=== Dataset ===
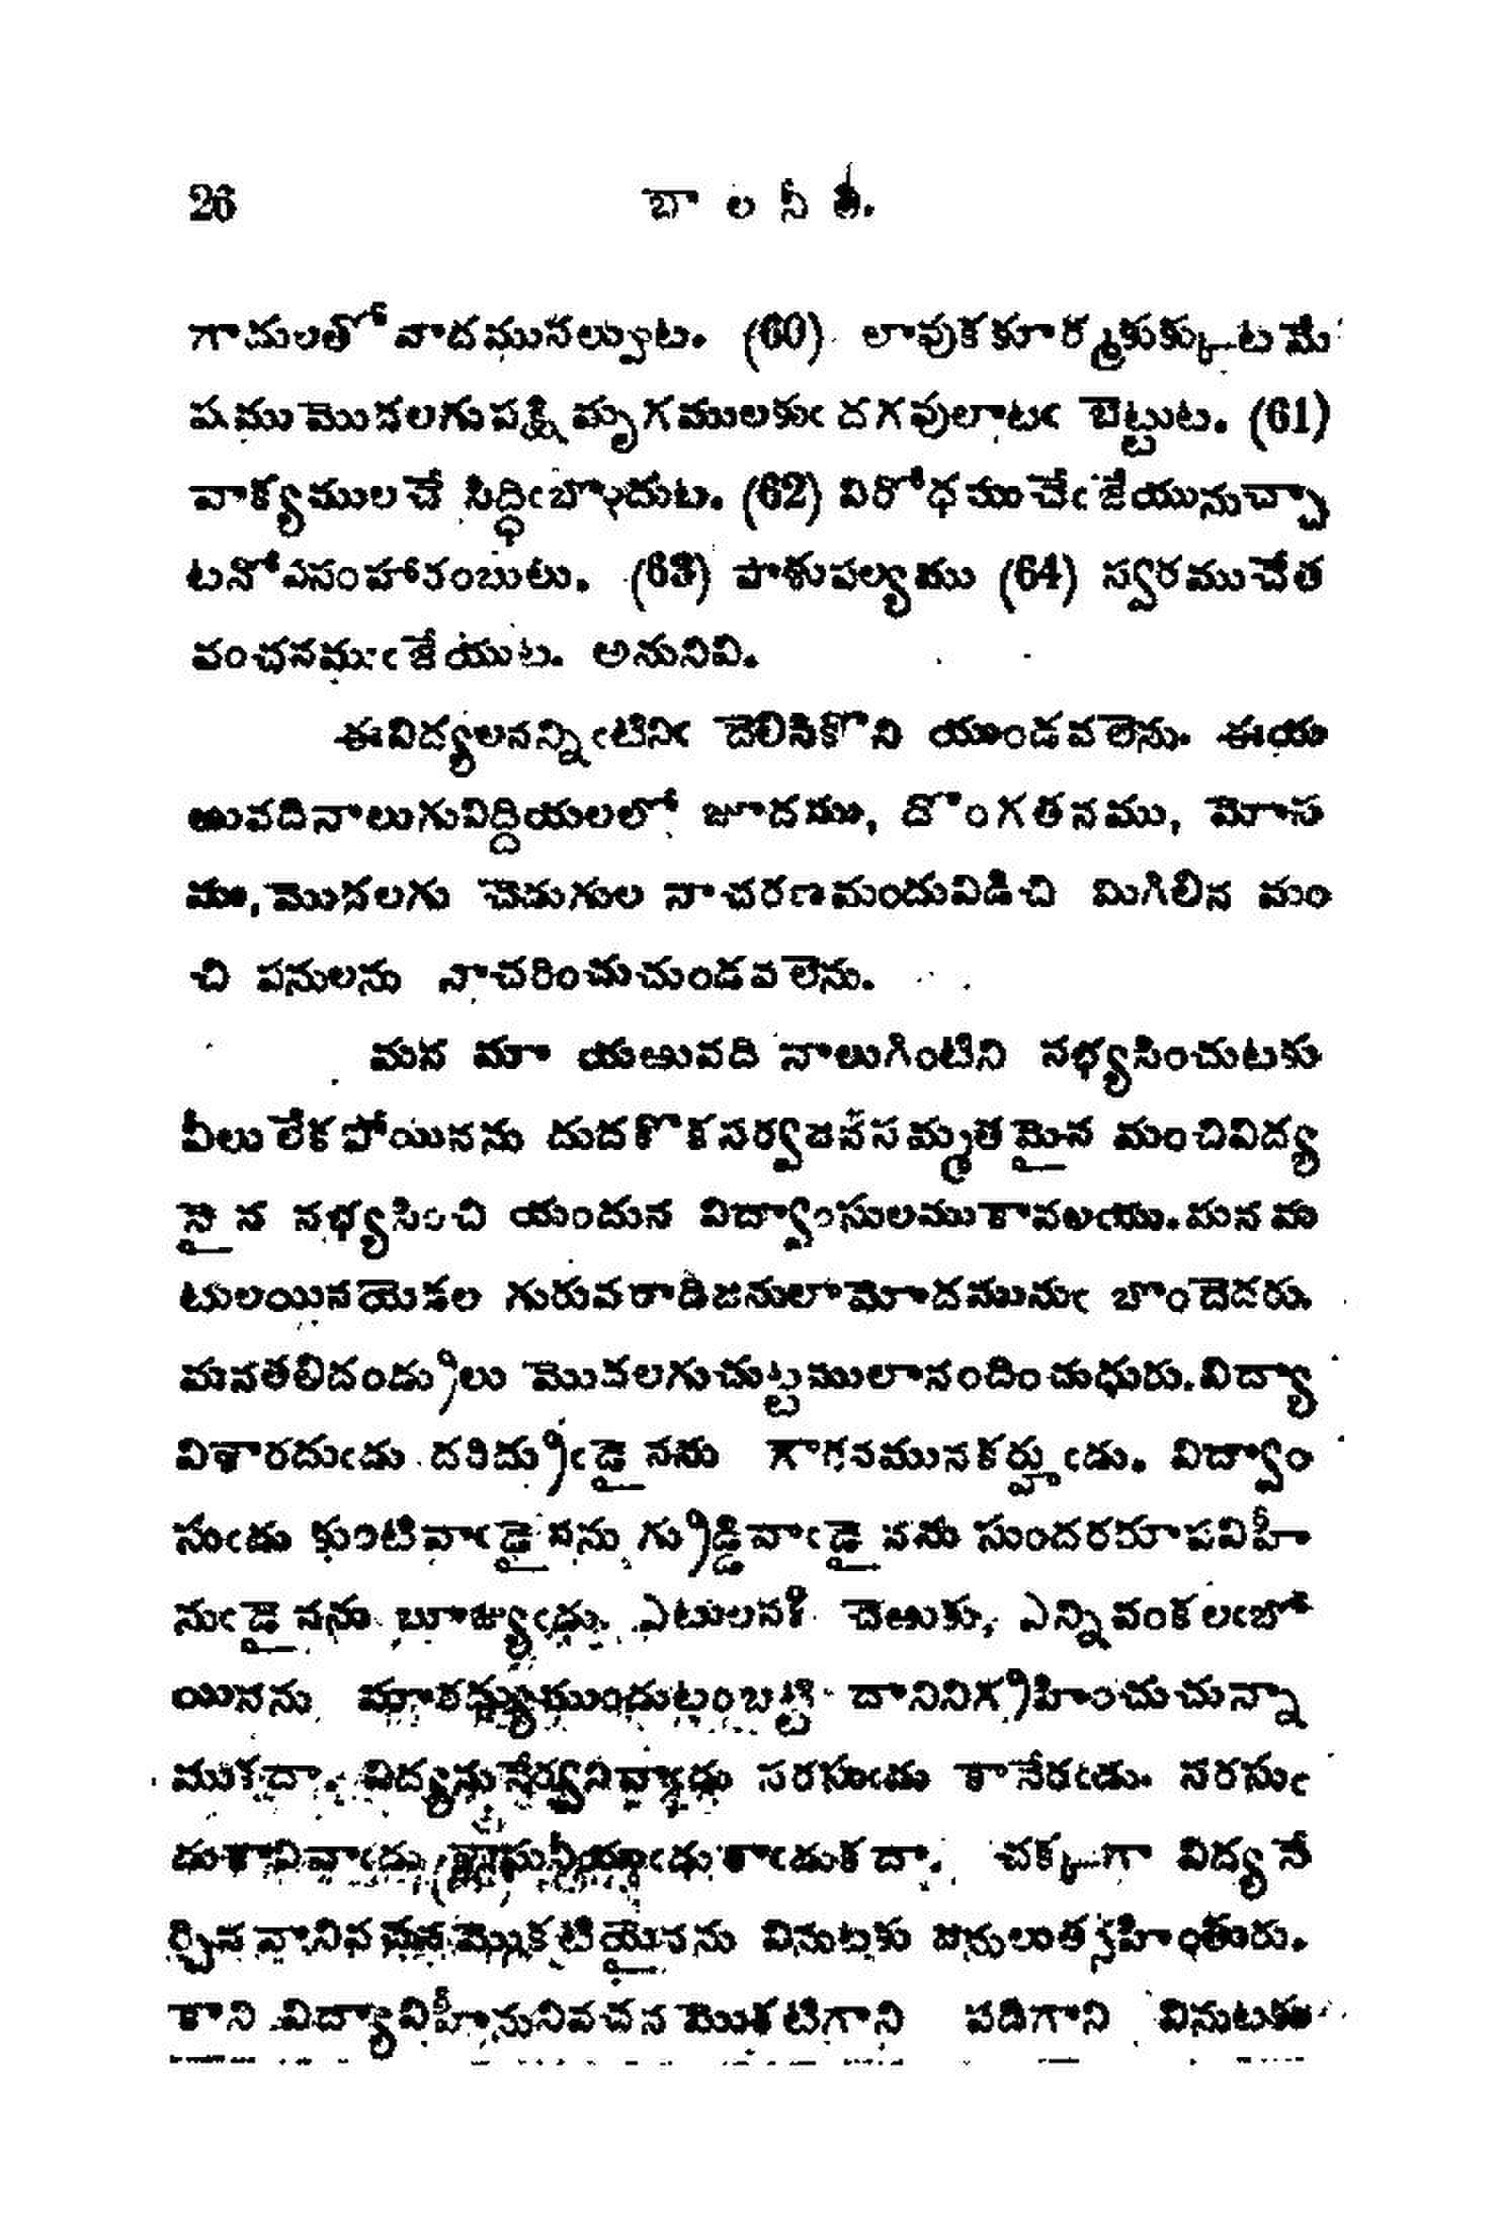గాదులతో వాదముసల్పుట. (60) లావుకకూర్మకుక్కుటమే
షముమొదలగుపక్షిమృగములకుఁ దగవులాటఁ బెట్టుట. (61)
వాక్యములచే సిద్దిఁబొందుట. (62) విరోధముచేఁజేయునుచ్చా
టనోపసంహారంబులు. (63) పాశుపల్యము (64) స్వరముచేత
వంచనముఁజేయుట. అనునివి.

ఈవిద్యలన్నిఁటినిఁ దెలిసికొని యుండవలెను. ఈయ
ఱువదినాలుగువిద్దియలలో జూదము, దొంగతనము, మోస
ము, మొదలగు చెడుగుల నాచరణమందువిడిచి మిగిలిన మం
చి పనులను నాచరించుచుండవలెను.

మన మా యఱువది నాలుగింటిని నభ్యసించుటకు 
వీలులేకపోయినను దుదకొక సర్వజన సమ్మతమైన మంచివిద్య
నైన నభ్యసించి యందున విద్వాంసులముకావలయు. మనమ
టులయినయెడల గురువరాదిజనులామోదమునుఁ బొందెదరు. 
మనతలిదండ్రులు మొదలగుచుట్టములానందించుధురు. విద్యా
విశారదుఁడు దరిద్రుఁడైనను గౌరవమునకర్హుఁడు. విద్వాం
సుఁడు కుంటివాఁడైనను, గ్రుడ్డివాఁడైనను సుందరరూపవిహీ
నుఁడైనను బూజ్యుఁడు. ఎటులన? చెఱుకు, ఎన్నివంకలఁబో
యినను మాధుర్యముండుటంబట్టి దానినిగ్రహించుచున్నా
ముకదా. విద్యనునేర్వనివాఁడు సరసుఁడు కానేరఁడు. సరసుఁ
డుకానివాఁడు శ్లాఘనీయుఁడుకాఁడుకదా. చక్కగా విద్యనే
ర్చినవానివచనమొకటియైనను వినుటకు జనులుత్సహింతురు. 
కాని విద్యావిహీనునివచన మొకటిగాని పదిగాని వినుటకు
===
▶ Task prompt:
From the first line to the last, write out the data exactly, omitting any pictures.

▶ Exercise solution:
గాదులతో వాదముసల్పుట. (60) లావుకకూర్మకుక్కుటమే
షముమొదలగుపక్షిమృగములకుఁ దగవులాటఁ బెట్టుట. (61)
వాక్యములచే సిద్దిఁబొందుట. (62) విరోధముచేఁజేయునుచ్చా
టనోపసంహారంబులు. (63) పాశుపల్యము (64) స్వరముచేత
వంచనముఁజేయుట. అనునివి.

ఈవిద్యలన్నిఁటినిఁ దెలిసికొని యుండవలెను. ఈయ
ఱువదినాలుగువిద్దియలలో జూదము, దొంగతనము, మోస
ము, మొదలగు చెడుగుల నాచరణమందువిడిచి మిగిలిన మం
చి పనులను నాచరించుచుండవలెను.

మన మా యఱువది నాలుగింటిని నభ్యసించుటకు 
వీలులేకపోయినను దుదకొక సర్వజన సమ్మతమైన మంచివిద్య
నైన నభ్యసించి యందున విద్వాంసులముకావలయు. మనమ
టులయినయెడల గురువరాదిజనులామోదమునుఁ బొందెదరు. 
మనతలిదండ్రులు మొదలగుచుట్టములానందించుధురు. విద్యా
విశారదుఁడు దరిద్రుఁడైనను గౌరవమునకర్హుఁడు. విద్వాం
సుఁడు కుంటివాఁడైనను, గ్రుడ్డివాఁడైనను సుందరరూపవిహీ
నుఁడైనను బూజ్యుఁడు. ఎటులన? చెఱుకు, ఎన్నివంకలఁబో
యినను మాధుర్యముండుటంబట్టి దానినిగ్రహించుచున్నా
ముకదా. విద్యనునేర్వనివాఁడు సరసుఁడు కానేరఁడు. సరసుఁ
డుకానివాఁడు శ్లాఘనీయుఁడుకాఁడుకదా. చక్కగా విద్యనే
ర్చినవానివచనమొకటియైనను వినుటకు జనులుత్సహింతురు. 
కాని విద్యావిహీనునివచన మొకటిగాని పదిగాని వినుటకు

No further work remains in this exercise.